TL;DR
This paper presents a revised two-component model for weak-wind phenomena in late-type O dwarfs, showing how radiative and coronal processes drive stellar outflows and influence wind structure and velocity.
Contribution
It introduces a new phenomenological model that combines radiative driving and coronal heating to explain weak stellar winds in late-type O dwarfs.
Findings
Coronal gas heats to ~3 million K at radii > 1.4 R.
Cool, dense clumps are confined with a filling factor of ~0.02.

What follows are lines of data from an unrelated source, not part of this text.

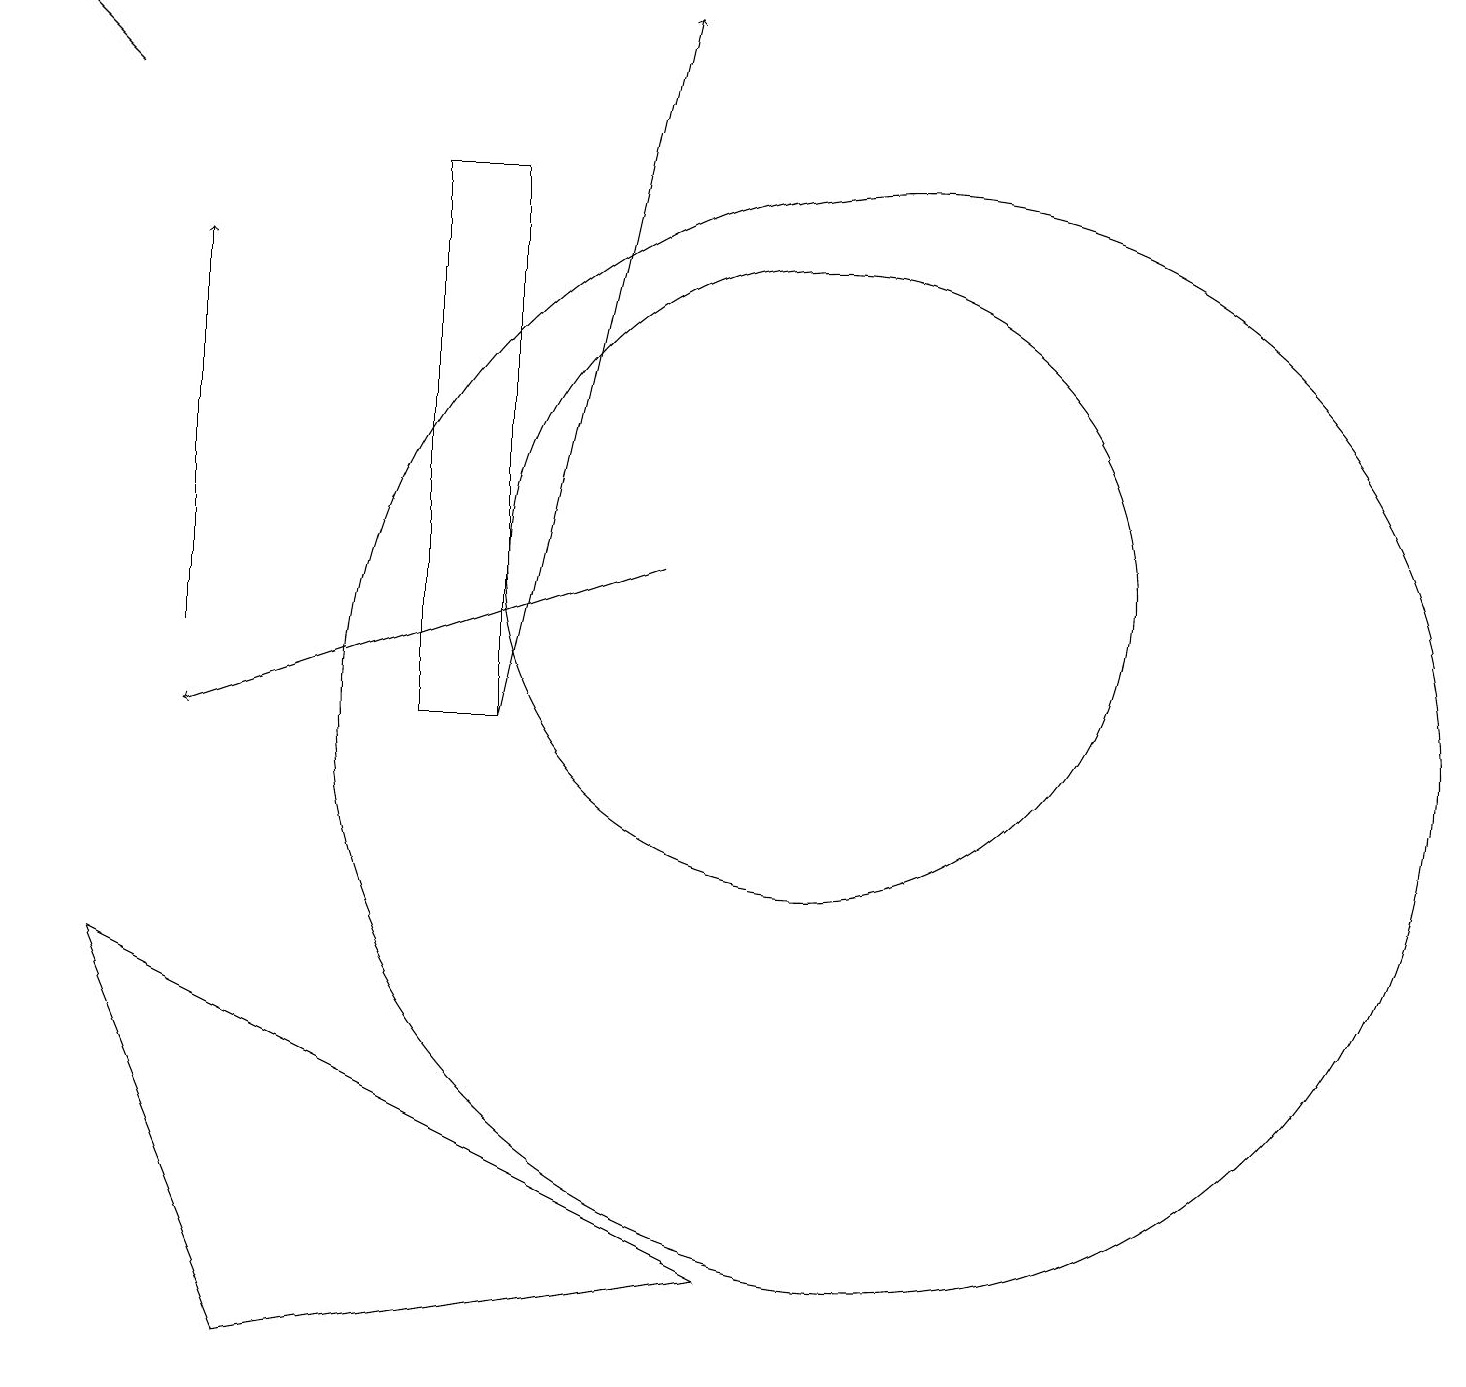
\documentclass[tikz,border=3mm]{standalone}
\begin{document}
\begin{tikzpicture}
\draw (11,10) circle (7);
\draw[->] (1,18) -- (0,19);
\draw[->] (8,12) -- (2,10);
\draw (3,2) -- (9,3) -- (1,7) -- cycle;
\draw[->] (2,11) -- (2,16);
\draw[->] (6,10) -- (8,19);
\draw (5,10) rectangle (6,17);
\draw (10,12) circle (4);
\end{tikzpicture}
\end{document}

The wind reaches a terminal velocity of ~980 km/s.
Abstract
A two-component phenomenological model developed originally for zeta Puppis is revised in order to model the outflows of late-type O dwarfs that exhibit the weak-wind phenomenon. With the theory's standard parameters for a generic weak-wind star, the ambient gas is heated to coronal temperatures ~ 3 x 10^{6}K at radii > 1.4 R, with cool radiativly-driven gas being then confined to dense clumps with filling factor ~ 0.02. Radiative driving ceases at radius ~ 2.1R when the clumps are finally destroyed by heat conduction from the coronal gas. Thereafter, the outflow is a pure coronal wind, which cools and decelerates reaching infinity with terminal velocity ~ 980$ km/ s.